11. The film laminate according to claim 1, having a partial discharge voltage of at least 1000 V and a transparency of more than 80% in the range of more than 300 nm.

12. A process for producing the film liminate according to claim 1, the process comprising:

a) inorganically coating a polymer film by vacuum evaporation or sputtering, said polymer film being joined by an adhesive layer to at least two further inorganically coated films, and combining a resulting barrier laminate with the weathering-resistant support film by laminating, extrusion laminating or by extrusion coating, wherein the first adhesive layer is an ethylene-acrylate hotmelt and the support film is a polyester film or polyolefin film; or

b) inorganically coating a polymer film on both sides by vacuum evaporation or sputtering, said polymer film being joined by an adhesive layer to at least one further inorganically coated film, and combining a resulting barrier laminate with the weathering-resistant support film according by laminating, extrusion laminating or by extrusion coating, wherein the first adhesive layer is an ethylene-acrylate hotmelt and the support film is a polyester film or polyolefin film; or

c) inorganically coating a polymer film by vacuum evaporation or sputtering on both sides, said polymer film being joined by an adhesive layer to at least one further double-sidedly inorganically coated film, and combining a resulting film assembly with the weathering-resistant support film by extrusion coating, wherein the first adhesive layer is an ethylene-acrylate hotmelt and the support film is a polyester film or polyolefin film,

wherein:

in the physical vacuum evaporation of a) to c), silicon oxide or aluminium oxide is evaporated by an electron beam; or

in the physical vacuum evaporation of a) to c), silicon oxide or aluminium oxide is evaporated thermally.

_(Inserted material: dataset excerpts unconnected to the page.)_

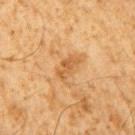Case summary:
* notes · catalogued during a skin exam; not biopsied
* lesion diameter · about 3.5 mm
* image · ~15 mm tile from a whole-body skin photo
* subject · male, approximately 60 years of age
* tile lighting · cross-polarized
* automated metrics · a lesion area of about 5 mm² and two-axis asymmetry of about 0.3; an average lesion color of about L≈49 a*≈19 b*≈37 (CIELAB), a lesion–skin lightness drop of about 8, and a normalized border contrast of about 6; a nevus-likeness score of about 0/100 and lesion-presence confidence of about 100/100
* location · the right upper arm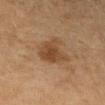• follow-up: catalogued during a skin exam; not biopsied
• body site: the left forearm
• imaging modality: 15 mm crop, total-body photography
• patient: female, aged 38 to 42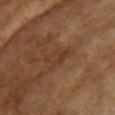No biopsy was performed on this lesion — it was imaged during a full skin examination and was not determined to be concerning. The recorded lesion diameter is about 3.5 mm. Automated image analysis of the tile measured a classifier nevus-likeness of about 0/100 and lesion-presence confidence of about 85/100. Cropped from a whole-body photographic skin survey; the tile spans about 15 mm. A female subject, about 75 years old. The lesion is located on the front of the torso.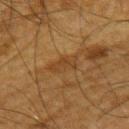A region of skin cropped from a whole-body photographic capture, roughly 15 mm wide. A male patient in their mid- to late 60s. Imaged with cross-polarized lighting. The lesion is on the upper back. About 4 mm across.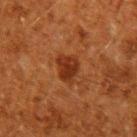{"biopsy_status": "not biopsied; imaged during a skin examination", "image": {"source": "total-body photography crop", "field_of_view_mm": 15}, "lighting": "cross-polarized", "site": "right upper arm", "patient": {"sex": "male", "age_approx": 60}, "automated_metrics": {"nevus_likeness_0_100": 85}, "lesion_size": {"long_diameter_mm_approx": 3.0}}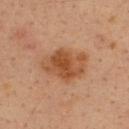Impression: The lesion was tiled from a total-body skin photograph and was not biopsied. Context: A male subject aged 33 to 37. Located on the upper back. Cropped from a whole-body photographic skin survey; the tile spans about 15 mm.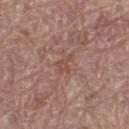{
  "lighting": "white-light",
  "site": "left thigh",
  "image": {
    "source": "total-body photography crop",
    "field_of_view_mm": 15
  },
  "patient": {
    "sex": "male",
    "age_approx": 65
  }
}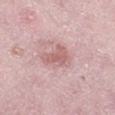Q: Is there a histopathology result?
A: imaged on a skin check; not biopsied
Q: How was this image acquired?
A: total-body-photography crop, ~15 mm field of view
Q: What are the patient's age and sex?
A: female, roughly 45 years of age
Q: Lesion location?
A: the left thigh
Q: What lighting was used for the tile?
A: white-light
Q: Automated lesion metrics?
A: an average lesion color of about L≈62 a*≈23 b*≈21 (CIELAB) and roughly 9 lightness units darker than nearby skin; border irregularity of about 4 on a 0–10 scale, a color-variation rating of about 2.5/10, and peripheral color asymmetry of about 1; a classifier nevus-likeness of about 5/100 and a detector confidence of about 100 out of 100 that the crop contains a lesion
Q: What is the lesion's diameter?
A: about 4 mm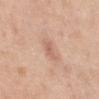Part of a total-body skin-imaging series; this lesion was reviewed on a skin check and was not flagged for biopsy.
The recorded lesion diameter is about 3 mm.
Captured under white-light illumination.
From the abdomen.
Cropped from a whole-body photographic skin survey; the tile spans about 15 mm.
A female subject aged around 40.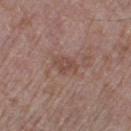Q: Was a biopsy performed?
A: total-body-photography surveillance lesion; no biopsy
Q: Patient demographics?
A: male, roughly 70 years of age
Q: What is the imaging modality?
A: ~15 mm tile from a whole-body skin photo
Q: Lesion location?
A: the right thigh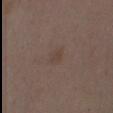Impression: Captured during whole-body skin photography for melanoma surveillance; the lesion was not biopsied. Context: The lesion is located on the front of the torso. A 15 mm close-up tile from a total-body photography series done for melanoma screening. The subject is a female in their mid-30s. Captured under white-light illumination. Measured at roughly 3 mm in maximum diameter.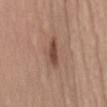Impression:
Captured during whole-body skin photography for melanoma surveillance; the lesion was not biopsied.
Image and clinical context:
The recorded lesion diameter is about 4 mm. A lesion tile, about 15 mm wide, cut from a 3D total-body photograph. A female patient aged 48–52. From the back. Imaged with white-light lighting.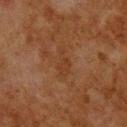Captured during whole-body skin photography for melanoma surveillance; the lesion was not biopsied.
A 15 mm close-up tile from a total-body photography series done for melanoma screening.
A male subject approximately 80 years of age.
Measured at roughly 3.5 mm in maximum diameter.
Automated tile analysis of the lesion measured a footprint of about 4.5 mm² and a shape eccentricity near 0.9. It also reported a border-irregularity index near 4.5/10, a color-variation rating of about 1/10, and a peripheral color-asymmetry measure near 0.5.
Imaged with cross-polarized lighting.
The lesion is located on the upper back.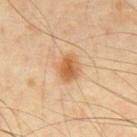subject — male, in their mid-40s | image source — total-body-photography crop, ~15 mm field of view | image-analysis metrics — a mean CIELAB color near L≈57 a*≈21 b*≈39, roughly 11 lightness units darker than nearby skin, and a normalized border contrast of about 8.5; border irregularity of about 1.5 on a 0–10 scale, a within-lesion color-variation index near 4.5/10, and peripheral color asymmetry of about 1.5 | tile lighting — cross-polarized illumination | anatomic site — the front of the torso | lesion size — ~3.5 mm (longest diameter).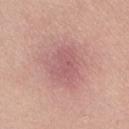Captured during whole-body skin photography for melanoma surveillance; the lesion was not biopsied. Automated tile analysis of the lesion measured a lesion area of about 9.5 mm², an eccentricity of roughly 0.65, and two-axis asymmetry of about 0.25. It also reported a mean CIELAB color near L≈57 a*≈25 b*≈21, about 7 CIELAB-L* units darker than the surrounding skin, and a normalized border contrast of about 5. A female patient about 45 years old. The lesion is located on the lower back. Approximately 4 mm at its widest. Captured under white-light illumination. A 15 mm close-up tile from a total-body photography series done for melanoma screening.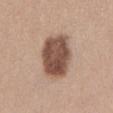This lesion was catalogued during total-body skin photography and was not selected for biopsy.
The tile uses white-light illumination.
Cropped from a total-body skin-imaging series; the visible field is about 15 mm.
The lesion's longest dimension is about 5.5 mm.
A female patient, aged 38 to 42.
The lesion is located on the back.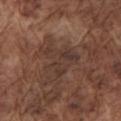No biopsy was performed on this lesion — it was imaged during a full skin examination and was not determined to be concerning. From the left upper arm. A male patient, in their mid-70s. A 15 mm crop from a total-body photograph taken for skin-cancer surveillance.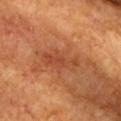workup: imaged on a skin check; not biopsied
image source: ~15 mm tile from a whole-body skin photo
body site: the chest
patient: female, approximately 75 years of age
image-analysis metrics: a mean CIELAB color near L≈48 a*≈29 b*≈38, a lesion–skin lightness drop of about 8, and a lesion-to-skin contrast of about 5.5 (normalized; higher = more distinct); border irregularity of about 4 on a 0–10 scale, internal color variation of about 3.5 on a 0–10 scale, and peripheral color asymmetry of about 1; a classifier nevus-likeness of about 5/100
tile lighting: cross-polarized illumination
lesion size: ≈5 mm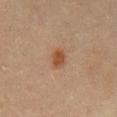Part of a total-body skin-imaging series; this lesion was reviewed on a skin check and was not flagged for biopsy. The tile uses cross-polarized illumination. About 3 mm across. The patient is a male aged around 45. Located on the chest. Cropped from a total-body skin-imaging series; the visible field is about 15 mm.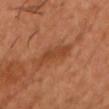size: ≈5.5 mm | lighting: cross-polarized illumination | body site: the chest | image source: ~15 mm crop, total-body skin-cancer survey | image-analysis metrics: an automated nevus-likeness rating near 35 out of 100 | patient: male, aged 38–42.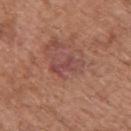– workup: catalogued during a skin exam; not biopsied
– size: ≈4 mm
– automated lesion analysis: a lesion area of about 6.5 mm², a shape eccentricity near 0.85, and two-axis asymmetry of about 0.35; a mean CIELAB color near L≈47 a*≈24 b*≈24, about 7 CIELAB-L* units darker than the surrounding skin, and a normalized border contrast of about 6.5; border irregularity of about 5 on a 0–10 scale and internal color variation of about 3 on a 0–10 scale
– subject: male, about 75 years old
– acquisition: total-body-photography crop, ~15 mm field of view
– illumination: white-light
– body site: the upper back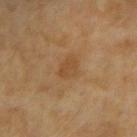Case summary:
* biopsy status: catalogued during a skin exam; not biopsied
* imaging modality: total-body-photography crop, ~15 mm field of view
* body site: the left upper arm
* subject: female, roughly 60 years of age
* lighting: cross-polarized illumination
* size: ≈2.5 mm
* image-analysis metrics: an area of roughly 4 mm², an outline eccentricity of about 0.75 (0 = round, 1 = elongated), and a symmetry-axis asymmetry near 0.25; about 6 CIELAB-L* units darker than the surrounding skin and a lesion-to-skin contrast of about 5.5 (normalized; higher = more distinct); a nevus-likeness score of about 0/100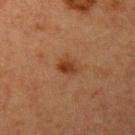Part of a total-body skin-imaging series; this lesion was reviewed on a skin check and was not flagged for biopsy.
This image is a 15 mm lesion crop taken from a total-body photograph.
Measured at roughly 2.5 mm in maximum diameter.
The lesion is on the left upper arm.
A female subject roughly 40 years of age.
Captured under cross-polarized illumination.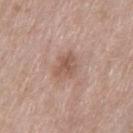Captured during whole-body skin photography for melanoma surveillance; the lesion was not biopsied.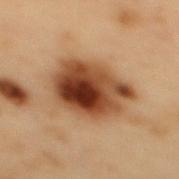– notes — no biopsy performed (imaged during a skin exam)
– diameter — ~6.5 mm (longest diameter)
– illumination — cross-polarized illumination
– image source — ~15 mm crop, total-body skin-cancer survey
– TBP lesion metrics — a lesion area of about 26 mm² and an outline eccentricity of about 0.55 (0 = round, 1 = elongated); an average lesion color of about L≈35 a*≈19 b*≈29 (CIELAB) and about 16 CIELAB-L* units darker than the surrounding skin; border irregularity of about 2 on a 0–10 scale and a peripheral color-asymmetry measure near 4; an automated nevus-likeness rating near 85 out of 100 and lesion-presence confidence of about 100/100
– patient — male, in their mid- to late 50s
– anatomic site — the mid back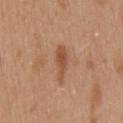Assessment:
The lesion was photographed on a routine skin check and not biopsied; there is no pathology result.
Context:
Imaged with white-light lighting. An algorithmic analysis of the crop reported roughly 9 lightness units darker than nearby skin and a lesion-to-skin contrast of about 7 (normalized; higher = more distinct). The software also gave a border-irregularity rating of about 4.5/10 and a color-variation rating of about 2/10. A region of skin cropped from a whole-body photographic capture, roughly 15 mm wide. The lesion is on the mid back. The patient is a female aged approximately 40.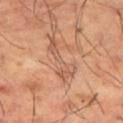Impression: No biopsy was performed on this lesion — it was imaged during a full skin examination and was not determined to be concerning. Background: An algorithmic analysis of the crop reported an eccentricity of roughly 0.95 and two-axis asymmetry of about 0.55. The analysis additionally found border irregularity of about 8 on a 0–10 scale, a color-variation rating of about 2.5/10, and a peripheral color-asymmetry measure near 1. The analysis additionally found a classifier nevus-likeness of about 0/100. The tile uses cross-polarized illumination. About 5 mm across. The lesion is located on the leg. A region of skin cropped from a whole-body photographic capture, roughly 15 mm wide. The subject is a male in their mid- to late 60s.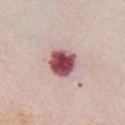Clinical impression: Recorded during total-body skin imaging; not selected for excision or biopsy. Background: A female patient, in their mid- to late 60s. A 15 mm close-up tile from a total-body photography series done for melanoma screening. The lesion is on the chest.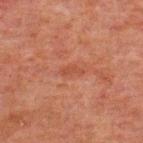A close-up tile cropped from a whole-body skin photograph, about 15 mm across. On the back. The patient is a male in their 60s. Approximately 2.5 mm at its widest. An algorithmic analysis of the crop reported an area of roughly 2 mm² and an outline eccentricity of about 0.9 (0 = round, 1 = elongated). It also reported a lesion color around L≈37 a*≈23 b*≈27 in CIELAB. The analysis additionally found a within-lesion color-variation index near 0/10 and a peripheral color-asymmetry measure near 0. This is a cross-polarized tile.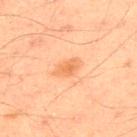workup: total-body-photography surveillance lesion; no biopsy | patient: male, aged 43–47 | acquisition: ~15 mm crop, total-body skin-cancer survey | illumination: cross-polarized | body site: the upper back | size: ~2.5 mm (longest diameter).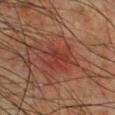Q: Was a biopsy performed?
A: imaged on a skin check; not biopsied
Q: Where on the body is the lesion?
A: the chest
Q: Patient demographics?
A: male, aged around 50
Q: What did automated image analysis measure?
A: a footprint of about 12 mm², a shape eccentricity near 0.7, and two-axis asymmetry of about 0.25; a classifier nevus-likeness of about 0/100 and a lesion-detection confidence of about 100/100
Q: What is the imaging modality?
A: ~15 mm crop, total-body skin-cancer survey
Q: What lighting was used for the tile?
A: cross-polarized illumination
Q: What is the lesion's diameter?
A: about 5 mm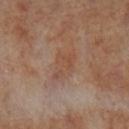The lesion was photographed on a routine skin check and not biopsied; there is no pathology result.
A female patient, roughly 70 years of age.
The lesion is located on the left lower leg.
A region of skin cropped from a whole-body photographic capture, roughly 15 mm wide.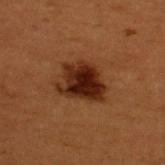Q: Was this lesion biopsied?
A: total-body-photography surveillance lesion; no biopsy
Q: Where on the body is the lesion?
A: the upper back
Q: Who is the patient?
A: male, aged 48 to 52
Q: Automated lesion metrics?
A: an area of roughly 13 mm², a shape eccentricity near 0.55, and a shape-asymmetry score of about 0.3 (0 = symmetric); a border-irregularity index near 3.5/10, a within-lesion color-variation index near 5.5/10, and radial color variation of about 1.5; an automated nevus-likeness rating near 85 out of 100
Q: What is the imaging modality?
A: ~15 mm tile from a whole-body skin photo
Q: Lesion size?
A: ≈5 mm
Q: How was the tile lit?
A: cross-polarized illumination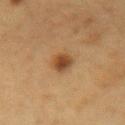Q: Is there a histopathology result?
A: no biopsy performed (imaged during a skin exam)
Q: Where on the body is the lesion?
A: the right forearm
Q: Who is the patient?
A: female, aged 43 to 47
Q: How was this image acquired?
A: ~15 mm tile from a whole-body skin photo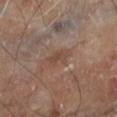biopsy_status: not biopsied; imaged during a skin examination
automated_metrics:
  shape_asymmetry: 0.4
  cielab_L: 43
  cielab_a: 17
  cielab_b: 25
  vs_skin_contrast_norm: 5.5
image:
  source: total-body photography crop
  field_of_view_mm: 15
patient:
  sex: male
  age_approx: 70
site: left lower leg
lighting: cross-polarized
lesion_size:
  long_diameter_mm_approx: 2.5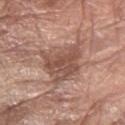No biopsy was performed on this lesion — it was imaged during a full skin examination and was not determined to be concerning.
About 6.5 mm across.
A female subject in their mid-70s.
A close-up tile cropped from a whole-body skin photograph, about 15 mm across.
Located on the right forearm.
This is a white-light tile.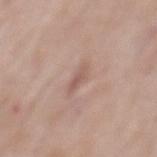follow-up=total-body-photography surveillance lesion; no biopsy
patient=male, aged around 55
image=~15 mm tile from a whole-body skin photo
location=the mid back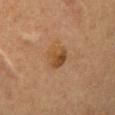* biopsy status: imaged on a skin check; not biopsied
* patient: male, approximately 60 years of age
* illumination: cross-polarized illumination
* image source: 15 mm crop, total-body photography
* anatomic site: the front of the torso
* image-analysis metrics: an area of roughly 6.5 mm² and a symmetry-axis asymmetry near 0.2; a nevus-likeness score of about 45/100 and a detector confidence of about 100 out of 100 that the crop contains a lesion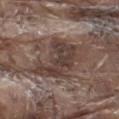The lesion was tiled from a total-body skin photograph and was not biopsied.
On the left thigh.
The tile uses white-light illumination.
About 6 mm across.
Cropped from a total-body skin-imaging series; the visible field is about 15 mm.
A male subject, roughly 80 years of age.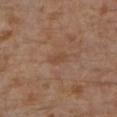workup: imaged on a skin check; not biopsied
automated metrics: a footprint of about 3 mm², a shape eccentricity near 0.85, and a symmetry-axis asymmetry near 0.2; a lesion color around L≈44 a*≈19 b*≈29 in CIELAB, a lesion–skin lightness drop of about 5, and a lesion-to-skin contrast of about 5 (normalized; higher = more distinct); a border-irregularity index near 2/10; an automated nevus-likeness rating near 0 out of 100 and a detector confidence of about 100 out of 100 that the crop contains a lesion
subject: male, in their 30s
image: ~15 mm crop, total-body skin-cancer survey
diameter: ≈2.5 mm
illumination: cross-polarized illumination
body site: the left lower leg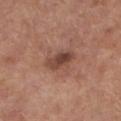{
  "biopsy_status": "not biopsied; imaged during a skin examination",
  "image": {
    "source": "total-body photography crop",
    "field_of_view_mm": 15
  },
  "site": "left lower leg",
  "patient": {
    "sex": "male",
    "age_approx": 70
  }
}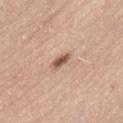Context: Imaged with white-light lighting. Cropped from a total-body skin-imaging series; the visible field is about 15 mm. Longest diameter approximately 2.5 mm. From the lower back. A male patient aged 63–67.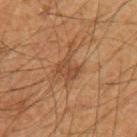Assessment: The lesion was tiled from a total-body skin photograph and was not biopsied. Image and clinical context: A male patient aged approximately 65. The lesion is located on the arm. Cropped from a total-body skin-imaging series; the visible field is about 15 mm.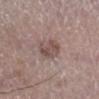Clinical impression: No biopsy was performed on this lesion — it was imaged during a full skin examination and was not determined to be concerning. Clinical summary: Measured at roughly 3.5 mm in maximum diameter. Automated tile analysis of the lesion measured an eccentricity of roughly 0.75 and a symmetry-axis asymmetry near 0.2. And it measured a border-irregularity rating of about 2/10 and internal color variation of about 4 on a 0–10 scale. And it measured a classifier nevus-likeness of about 25/100 and a lesion-detection confidence of about 100/100. A male patient, approximately 65 years of age. This is a white-light tile. Cropped from a whole-body photographic skin survey; the tile spans about 15 mm. Located on the left lower leg.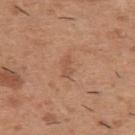follow-up=imaged on a skin check; not biopsied | TBP lesion metrics=a footprint of about 3 mm², an eccentricity of roughly 0.85, and a symmetry-axis asymmetry near 0.35 | imaging modality=15 mm crop, total-body photography | size=≈2.5 mm | illumination=white-light | subject=male, about 40 years old | location=the upper back.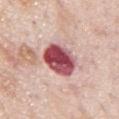No biopsy was performed on this lesion — it was imaged during a full skin examination and was not determined to be concerning.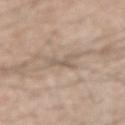Impression: This lesion was catalogued during total-body skin photography and was not selected for biopsy. Acquisition and patient details: Measured at roughly 3.5 mm in maximum diameter. A male patient aged 63 to 67. Captured under white-light illumination. From the right upper arm. A 15 mm close-up tile from a total-body photography series done for melanoma screening.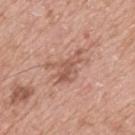workup = no biopsy performed (imaged during a skin exam); subject = male, aged approximately 75; site = the upper back; tile lighting = white-light; imaging modality = ~15 mm crop, total-body skin-cancer survey.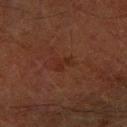workup: catalogued during a skin exam; not biopsied | imaging modality: total-body-photography crop, ~15 mm field of view | location: the right forearm | diameter: ≈2.5 mm | lighting: cross-polarized illumination | subject: male, aged 63 to 67 | automated lesion analysis: an area of roughly 3 mm², a shape eccentricity near 0.85, and a shape-asymmetry score of about 0.4 (0 = symmetric); about 4 CIELAB-L* units darker than the surrounding skin and a normalized border contrast of about 5.5; an automated nevus-likeness rating near 0 out of 100.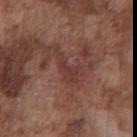From the chest. An algorithmic analysis of the crop reported a lesion area of about 6.5 mm², an eccentricity of roughly 0.9, and a symmetry-axis asymmetry near 0.55. The software also gave a border-irregularity rating of about 7/10, a within-lesion color-variation index near 2/10, and peripheral color asymmetry of about 0.5. The subject is a male in their mid- to late 70s. This is a white-light tile. This image is a 15 mm lesion crop taken from a total-body photograph. Approximately 5 mm at its widest.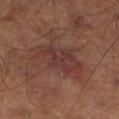Q: Was this lesion biopsied?
A: catalogued during a skin exam; not biopsied
Q: Lesion size?
A: ~6 mm (longest diameter)
Q: What is the anatomic site?
A: the right lower leg
Q: What kind of image is this?
A: 15 mm crop, total-body photography
Q: Patient demographics?
A: male, in their mid-60s
Q: Illumination type?
A: cross-polarized
Q: Automated lesion metrics?
A: an area of roughly 17 mm² and an eccentricity of roughly 0.8; a mean CIELAB color near L≈35 a*≈21 b*≈21, roughly 6 lightness units darker than nearby skin, and a lesion-to-skin contrast of about 6.5 (normalized; higher = more distinct); a border-irregularity rating of about 4/10, internal color variation of about 4.5 on a 0–10 scale, and a peripheral color-asymmetry measure near 1.5; a nevus-likeness score of about 30/100 and a lesion-detection confidence of about 100/100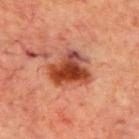workup = imaged on a skin check; not biopsied
TBP lesion metrics = a lesion area of about 16 mm², a shape eccentricity near 0.5, and two-axis asymmetry of about 0.3; an automated nevus-likeness rating near 95 out of 100 and a lesion-detection confidence of about 100/100
subject = male, roughly 70 years of age
imaging modality = 15 mm crop, total-body photography
site = the back
illumination = cross-polarized
lesion diameter = ~5.5 mm (longest diameter)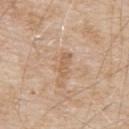workup = no biopsy performed (imaged during a skin exam) | illumination = white-light illumination | image source = 15 mm crop, total-body photography | patient = male, aged 78 to 82 | image-analysis metrics = a lesion area of about 3 mm², an eccentricity of roughly 0.9, and two-axis asymmetry of about 0.4; a mean CIELAB color near L≈60 a*≈18 b*≈33, a lesion–skin lightness drop of about 8, and a normalized border contrast of about 5.5; border irregularity of about 4.5 on a 0–10 scale, a color-variation rating of about 0/10, and radial color variation of about 0; a classifier nevus-likeness of about 0/100 | lesion diameter = about 3 mm | anatomic site = the upper back.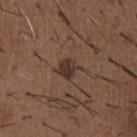<tbp_lesion>
  <biopsy_status>not biopsied; imaged during a skin examination</biopsy_status>
  <image>
    <source>total-body photography crop</source>
    <field_of_view_mm>15</field_of_view_mm>
  </image>
  <automated_metrics>
    <cielab_L>33</cielab_L>
    <cielab_a>16</cielab_a>
    <cielab_b>22</cielab_b>
    <vs_skin_darker_L>9.0</vs_skin_darker_L>
    <vs_skin_contrast_norm>9.0</vs_skin_contrast_norm>
    <color_variation_0_10>2.5</color_variation_0_10>
    <peripheral_color_asymmetry>1.0</peripheral_color_asymmetry>
    <nevus_likeness_0_100>100</nevus_likeness_0_100>
    <lesion_detection_confidence_0_100>100</lesion_detection_confidence_0_100>
  </automated_metrics>
  <site>chest</site>
  <patient>
    <sex>male</sex>
    <age_approx>50</age_approx>
  </patient>
  <lesion_size>
    <long_diameter_mm_approx>2.5</long_diameter_mm_approx>
  </lesion_size>
</tbp_lesion>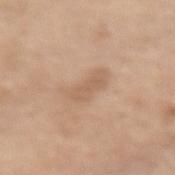No biopsy was performed on this lesion — it was imaged during a full skin examination and was not determined to be concerning. The lesion is on the lower back. Measured at roughly 4 mm in maximum diameter. Captured under white-light illumination. This image is a 15 mm lesion crop taken from a total-body photograph. The patient is a male aged around 70. An algorithmic analysis of the crop reported a lesion color around L≈61 a*≈17 b*≈32 in CIELAB, a lesion–skin lightness drop of about 7, and a normalized lesion–skin contrast near 5. It also reported border irregularity of about 4 on a 0–10 scale, a within-lesion color-variation index near 1.5/10, and radial color variation of about 0.5.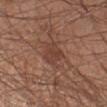Part of a total-body skin-imaging series; this lesion was reviewed on a skin check and was not flagged for biopsy. A close-up tile cropped from a whole-body skin photograph, about 15 mm across. A male subject, aged 18–22. The lesion is located on the right forearm. Longest diameter approximately 3 mm.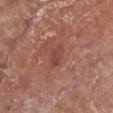notes: imaged on a skin check; not biopsied
image: ~15 mm crop, total-body skin-cancer survey
subject: male, roughly 70 years of age
TBP lesion metrics: a normalized border contrast of about 5.5; a border-irregularity rating of about 3/10, internal color variation of about 1.5 on a 0–10 scale, and a peripheral color-asymmetry measure near 0.5
illumination: white-light
anatomic site: the left lower leg
diameter: ≈2.5 mm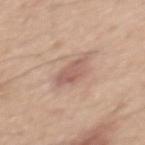No biopsy was performed on this lesion — it was imaged during a full skin examination and was not determined to be concerning. Approximately 4 mm at its widest. The lesion is located on the mid back. A male patient about 45 years old. A close-up tile cropped from a whole-body skin photograph, about 15 mm across. Imaged with white-light lighting.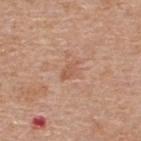<tbp_lesion>
  <patient>
    <sex>male</sex>
    <age_approx>55</age_approx>
  </patient>
  <image>
    <source>total-body photography crop</source>
    <field_of_view_mm>15</field_of_view_mm>
  </image>
  <site>back</site>
</tbp_lesion>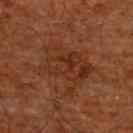<lesion>
<biopsy_status>not biopsied; imaged during a skin examination</biopsy_status>
</lesion>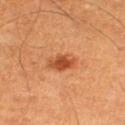{
  "site": "right thigh",
  "lighting": "cross-polarized",
  "patient": {
    "sex": "male",
    "age_approx": 60
  },
  "lesion_size": {
    "long_diameter_mm_approx": 3.0
  },
  "image": {
    "source": "total-body photography crop",
    "field_of_view_mm": 15
  }
}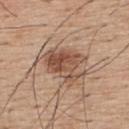Clinical impression: Part of a total-body skin-imaging series; this lesion was reviewed on a skin check and was not flagged for biopsy.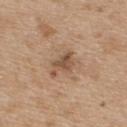Assessment: This lesion was catalogued during total-body skin photography and was not selected for biopsy. Clinical summary: A female patient, in their mid-40s. Imaged with white-light lighting. The total-body-photography lesion software estimated a lesion area of about 5 mm² and a symmetry-axis asymmetry near 0.4. And it measured a mean CIELAB color near L≈51 a*≈19 b*≈31 and a normalized lesion–skin contrast near 7.5. The analysis additionally found a nevus-likeness score of about 30/100 and a detector confidence of about 100 out of 100 that the crop contains a lesion. About 3.5 mm across. The lesion is located on the upper back. A 15 mm close-up tile from a total-body photography series done for melanoma screening.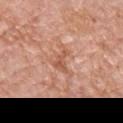biopsy_status: not biopsied; imaged during a skin examination
patient:
  sex: male
  age_approx: 55
lighting: white-light
automated_metrics:
  area_mm2_approx: 4.5
  eccentricity: 0.8
  shape_asymmetry: 0.5
  cielab_L: 57
  cielab_a: 25
  cielab_b: 33
  vs_skin_contrast_norm: 6.5
  border_irregularity_0_10: 5.5
  color_variation_0_10: 2.0
  peripheral_color_asymmetry: 0.5
lesion_size:
  long_diameter_mm_approx: 3.0
image:
  source: total-body photography crop
  field_of_view_mm: 15
site: front of the torso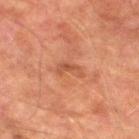notes: total-body-photography surveillance lesion; no biopsy
acquisition: ~15 mm crop, total-body skin-cancer survey
patient: male, aged around 75
site: the left lower leg
lesion diameter: ~3 mm (longest diameter)
lighting: cross-polarized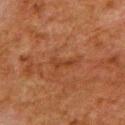The lesion-visualizer software estimated a footprint of about 2.5 mm², an outline eccentricity of about 0.9 (0 = round, 1 = elongated), and a symmetry-axis asymmetry near 0.6. It also reported a nevus-likeness score of about 0/100 and a detector confidence of about 100 out of 100 that the crop contains a lesion.
This is a cross-polarized tile.
From the upper back.
Longest diameter approximately 3 mm.
Cropped from a whole-body photographic skin survey; the tile spans about 15 mm.
A male subject, approximately 80 years of age.

13. An article, comprising the film laminate according to claim 1 which is suitable for the packaging industry, in display technology, and for organic LEDs.

14. An article, comprising the film laminate according to claim 1, said article selected from the group consisting of an organic photovoltaic, a thin-film photovoltaic, and a crystalline silicon module.

15. The film laminate according to claim 2, wherein:

the support film has a thickness of between 100 and 400 μm;

the first adhesive layer has a thickness of between 20 and 80 μm; and

the PMMA protective layer has a thickness of between 50 and 400 μm.

16. The film laminate according to claim 2, wherein the PMMA protective layer has a scratch-resistant coating.

17. The film laminate according to claim 2, wherein:

the inorganic oxide layers are SiOx layers having an x value of between 1.3 and 1.7;

the inorganic oxide layers each have a thickness of between 10 and 100 nm.

18. The film laminate according to claim 2, wherein:

the inorganic oxide layers are AlOx layers having an x value of between 1.2 and 1.5;

the inorganic oxide layers each have a thickness of between 10 and 100 nm.